By Lucy Ilado
The G20 Rio de Janeiro Declaration, adopted in November 2024, offers a framework for the global arts and culture sector. It acknowledges the immense value of culture in fostering unity, sustainability, and dialogue. For Africa, this is a critical moment. Yet, while the declaration sets an aspirational tone, it prompts a deeper question: can such commitments truly transform the lived realities of those that work in the arts and culture sector? Across the continent, artistic freedom and cultural development are not abstract goals; they are deeply intertwined with daily struggles for visibility, security, and support.
The summit, held between 17 and 18 November, marked a historic moment for Africa. South Africa, a longstanding member of the G20, announced it would assume the presidency in 2025, becoming the first African country to lead this influential international forum. This milestone places Africa in a strategic position to steer global conversations toward its priorities. The African Union, having gained full membership in the G20 in 2023, was also present, representing its member states. Angola, Egypt, and Mali were among the African countries invited, reflecting the growing recognition of the continent’s importance in such global discussions.
Despite the progress, the arts and culture sector has rarely, if ever, been a central agenda item on high-level platforms like the G20 where discussions often gravitate toward economic development, technology, and geopolitics, leaving culture sidelined as an auxiliary concern. This neglect persists despite overwhelming evidence of culture’s potential to drive economies and promote social cohesion. But now, there’s an opportunity to push culture to the forefront, not as an afterthought but as a key driver of the economy through its contribution to GDP, job creation, and community development across the continent.

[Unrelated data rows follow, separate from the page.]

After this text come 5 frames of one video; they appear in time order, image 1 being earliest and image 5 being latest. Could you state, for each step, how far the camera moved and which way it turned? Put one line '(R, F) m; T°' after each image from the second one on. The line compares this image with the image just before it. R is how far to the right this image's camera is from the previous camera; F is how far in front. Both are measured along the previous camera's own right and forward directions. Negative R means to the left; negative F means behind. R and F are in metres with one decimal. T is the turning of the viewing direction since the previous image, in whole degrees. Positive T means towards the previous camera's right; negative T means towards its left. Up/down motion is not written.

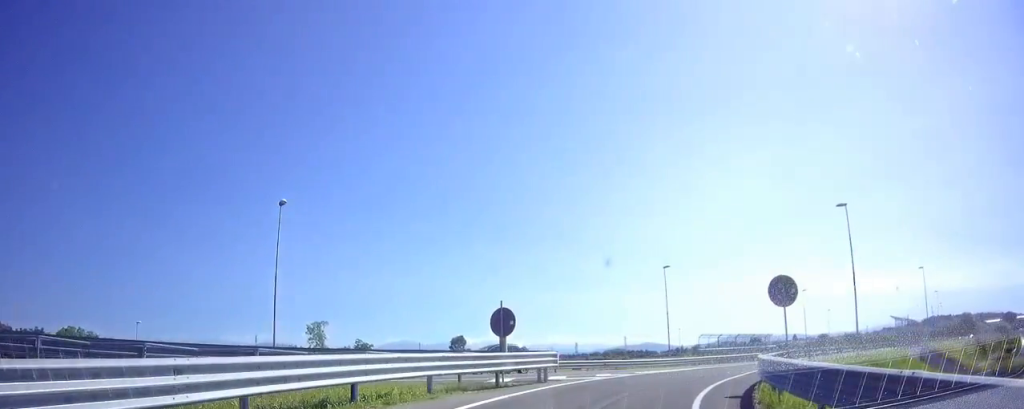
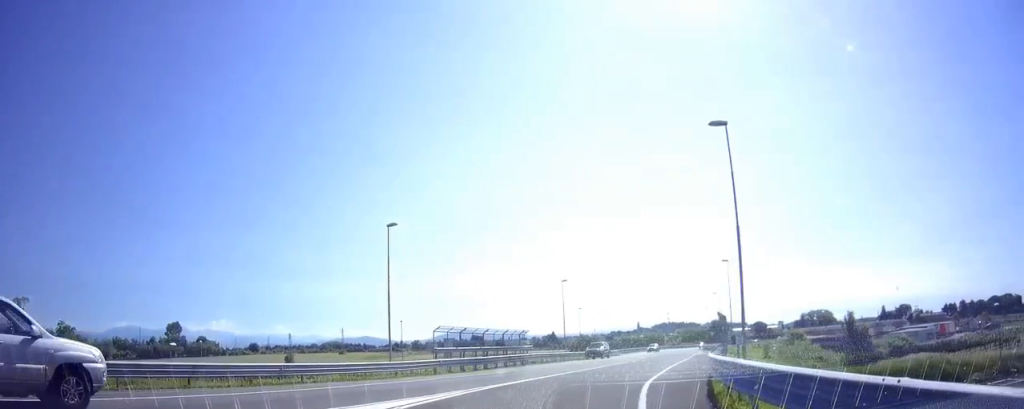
(+8.9, +12.3) m; +46°
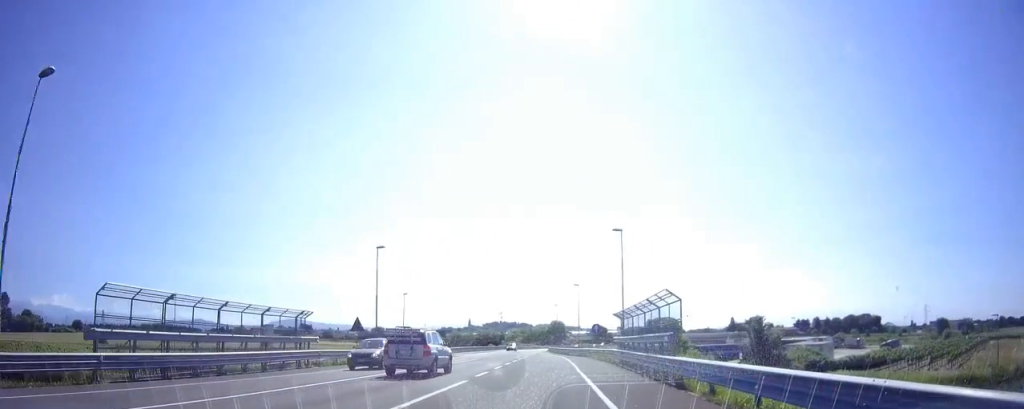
(+1.1, +19.3) m; +7°
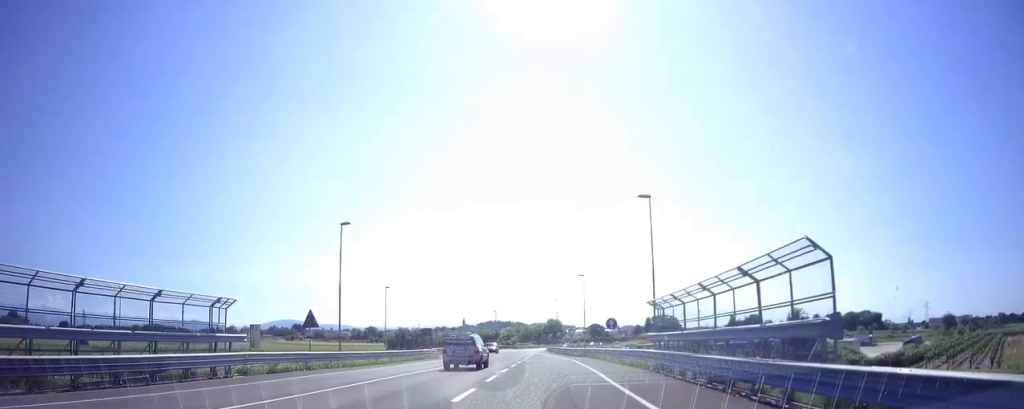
(+0.6, +9.6) m; +4°
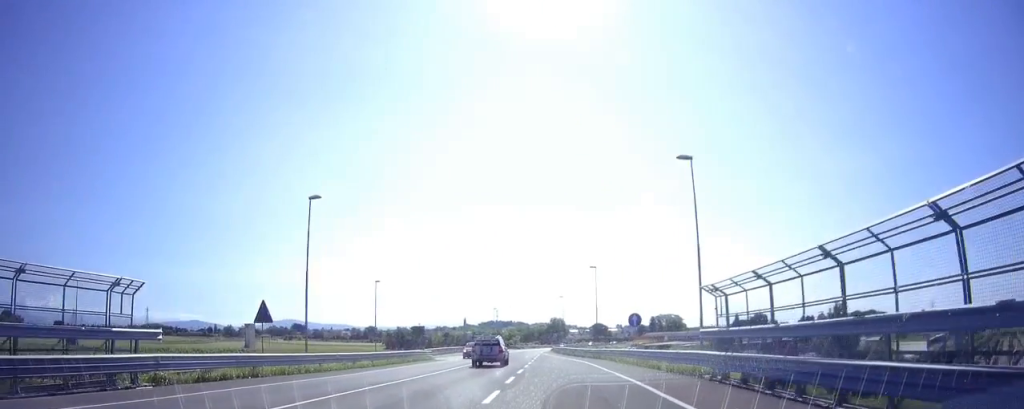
(+0.1, +6.8) m; 0°
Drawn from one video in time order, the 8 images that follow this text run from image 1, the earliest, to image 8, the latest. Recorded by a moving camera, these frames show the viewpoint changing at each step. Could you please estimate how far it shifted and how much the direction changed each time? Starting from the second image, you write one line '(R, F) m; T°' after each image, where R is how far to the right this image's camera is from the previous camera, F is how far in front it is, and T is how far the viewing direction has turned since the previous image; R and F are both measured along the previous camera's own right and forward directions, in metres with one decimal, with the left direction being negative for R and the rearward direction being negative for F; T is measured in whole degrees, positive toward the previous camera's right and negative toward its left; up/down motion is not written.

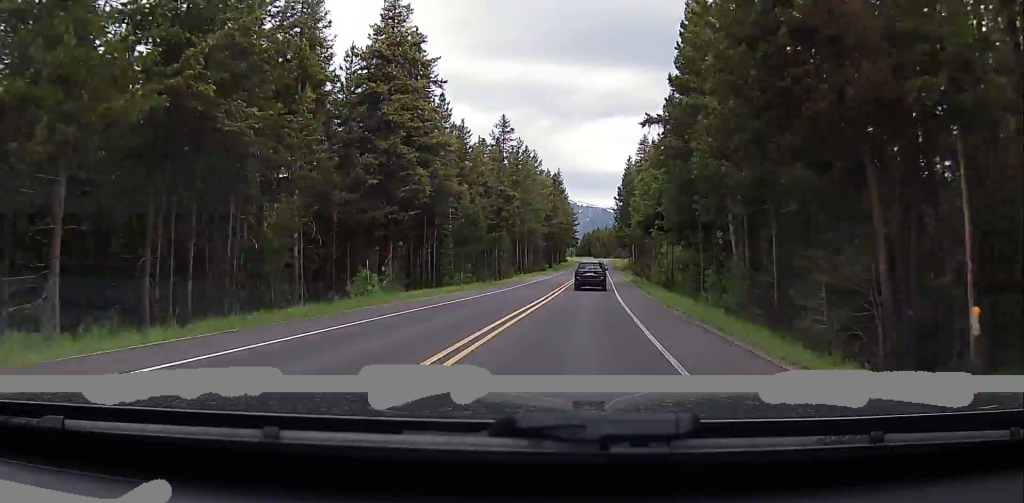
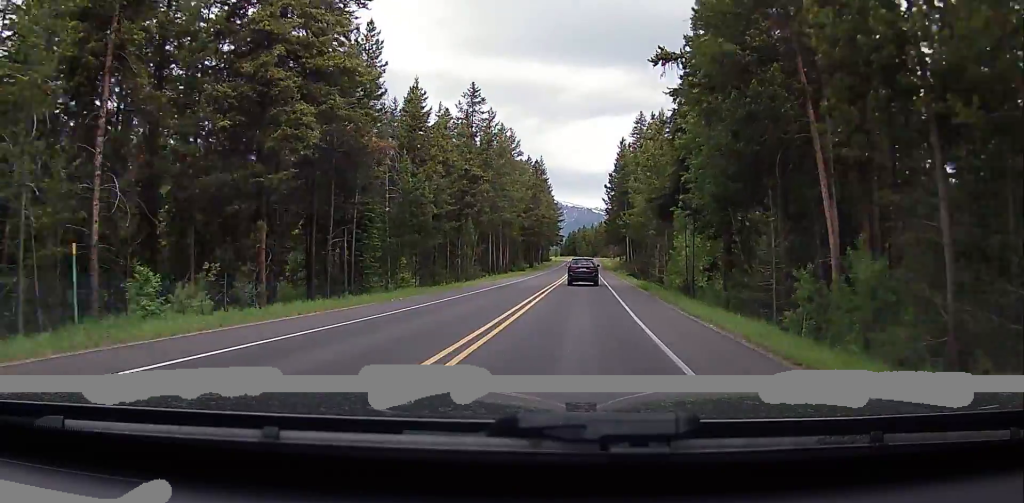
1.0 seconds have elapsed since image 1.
(+0.3, +17.5) m; +2°
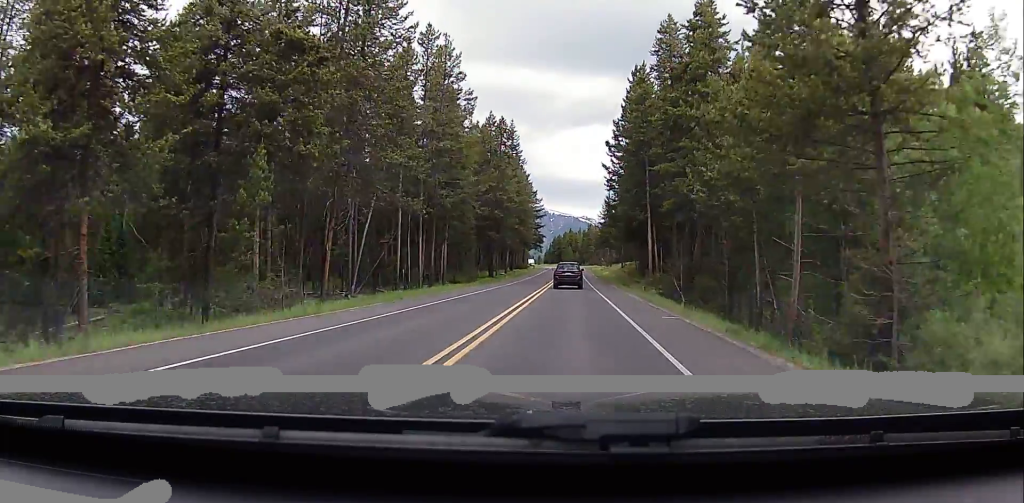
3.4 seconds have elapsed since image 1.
(+0.9, +42.6) m; +1°
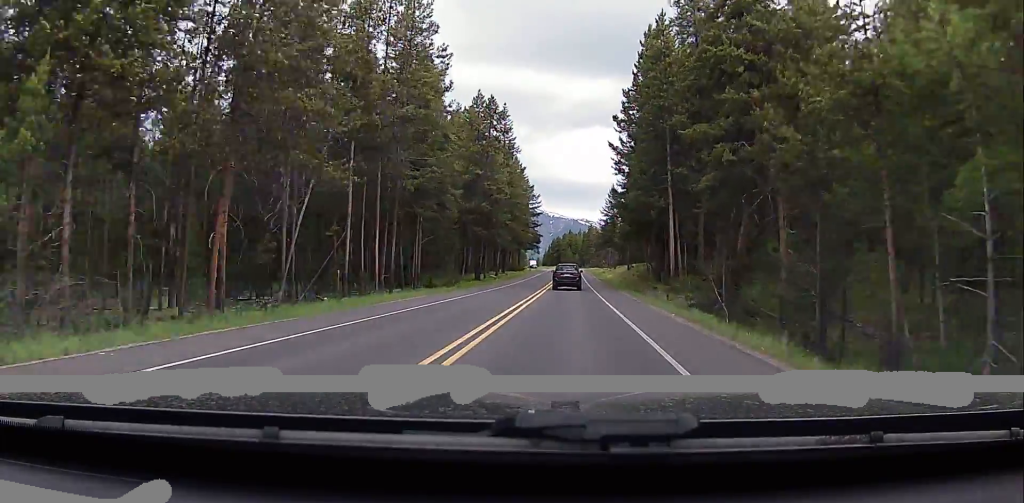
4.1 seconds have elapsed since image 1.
(-0.3, +11.7) m; 0°
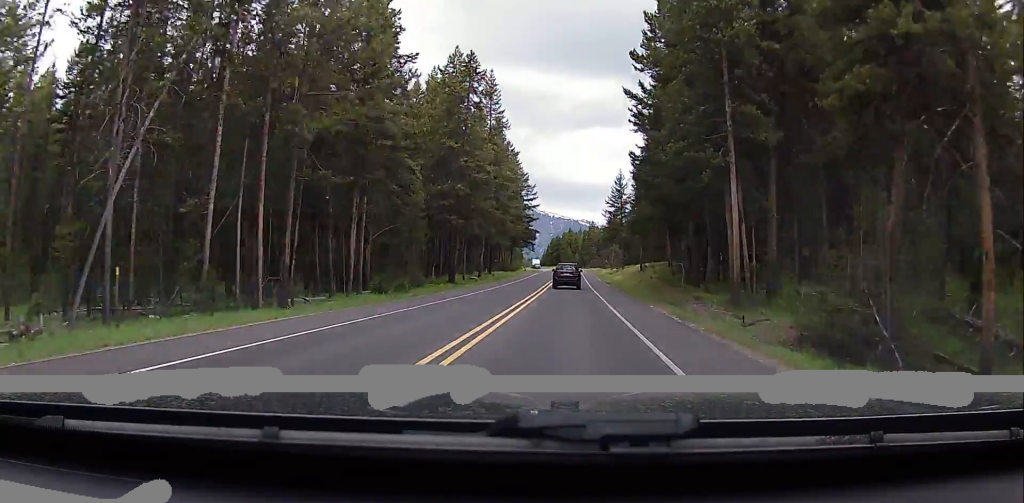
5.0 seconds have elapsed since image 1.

Public financing for culture remains one of the continent’s most pressing challenges. The commitment by African Union member states to allocate 1% of national budgets to culture by 2030, as highlighted in the CFCA reports, signals a promising shift, but the reality often falls short. For instance, Zambia has consistently allocated less than 0.1% of its national budget to culture, despite recognising its potential as part of a diversified economy. Similarly, Uganda’s culture budget is undermined by fragmented policies, with key cultural projects often underfunded or deprioritised. Zimbabwe, despite having a slightly higher allocation of 1.24%, struggles with a lack of coordinated systems to ensure equitable distribution of funds.